When running this example, a local directory odb will be created. This directory needs to be writable for the DAP to download the sym and par.txt configuration.

Now start the DAP.

docker compose up

This will start the DAP and present the data from object storage. This example can be combined with other deployment examples to leverage all query APIs.
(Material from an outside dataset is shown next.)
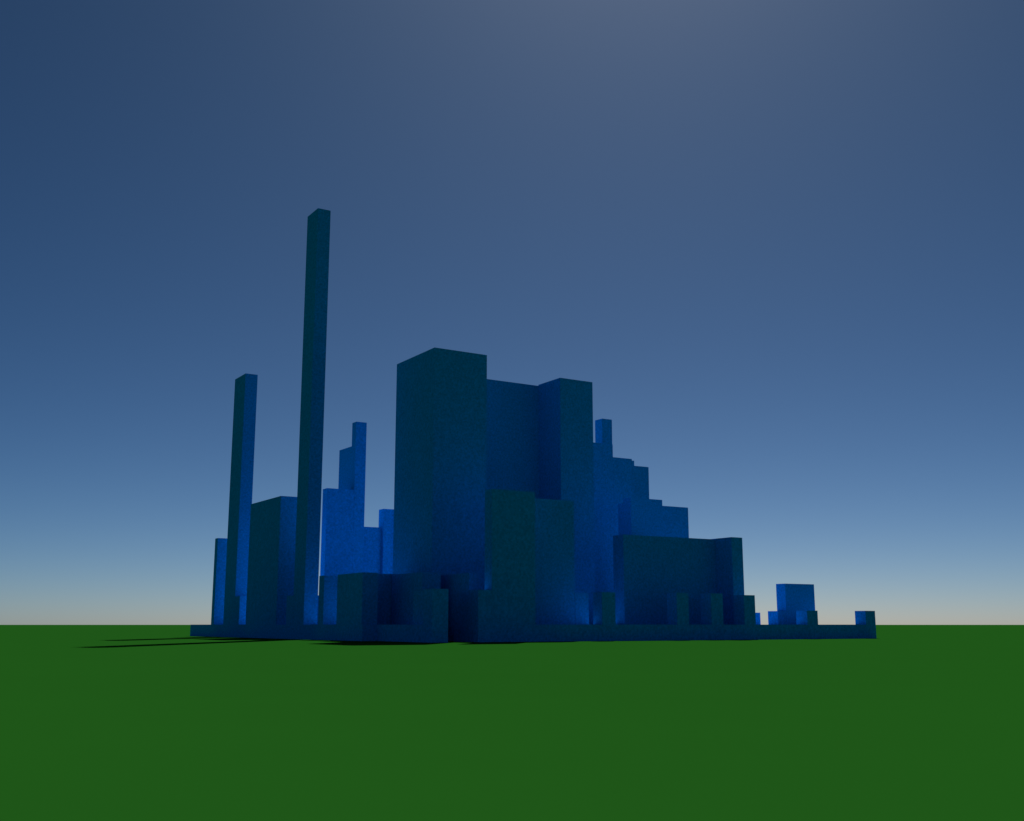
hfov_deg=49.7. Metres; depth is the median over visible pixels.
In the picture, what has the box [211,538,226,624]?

In the example below, an object storage tier database is deployed into Kubernetes as a pod configuration. A persistent volume claim is used to hold a local cache of the sym and par.txt files from the object storage bucket. A config map is used to hold the microservice assembly configuration.

deploy.yaml

---
apiVersion: v1
kind: PersistentVolumeClaim
metadata:
  name: odb-pvc
spec:
  accessModes:
    - ReadWriteOnce
  volumeMode: Filesystem
  resources:
    requests:
      storage: 10Gi
---
apiVersion: v1
kind: ConfigMap
metadata:
  name: odb-cm
data:
  asm.yaml: |
    name: odb
    labels:
      name: odb-example
      type: odb
    tables:
      trade:
        type: partitioned
        prtnCol: time
        columns:
          - name: time
            type: timestamp
          - name: sym
            type: symbol
          - name: price
            type: float
          - name: size
            type: float
    mounts:
      odb:
        type: object
        baseURI: file:///data/db/odb
        partition: none
    elements:
      dap:
        instances:
          odb:
            mountName: odb
            sym: s3://insights-example-data/data/sym
            par: s3://insights-example-data/data/par.txt
---
apiVersion: v1
kind: Pod
metadata:
  name: odb
spec:
  containers:
  - name: odb
    image: registry.dl.kx.com/kxi-da:1.5.0
    ports:
    - containerPort: 5080
    env:
      - name: KXI_SC
        value: odb
      - name: KXI_ASSEMBLY_FILE
        value: /cfg/asm.yaml
      - name: AWS_REGION
        value: "us-east-2"
      - name: AWS_ACCESS_KEY_ID
        value: "[redacted]"
      - name: AWS_SECRET_ACCESS_KEY
        value: "[redacted]"
      - name: KDB_LICENSE_B64
        value: "[redacted]"
    volumeMounts:
      - name: config
        mountPath: /cfg
      - name: data
        mountPath: /data/db/odb
    args: ["-p", "5080"]
  volumes:
    - name: config
      configMap:
        name: odb-cm
    - name: data
      persistentVolumeClaim:
        claimName: odb-pvc
  securityContext:
    fsGroup: 65535

To deploy this example, run the following.

kubectl apply -f deploy.yaml

This will deploy the object storage DAP tier locally into a Kubernetes cluster.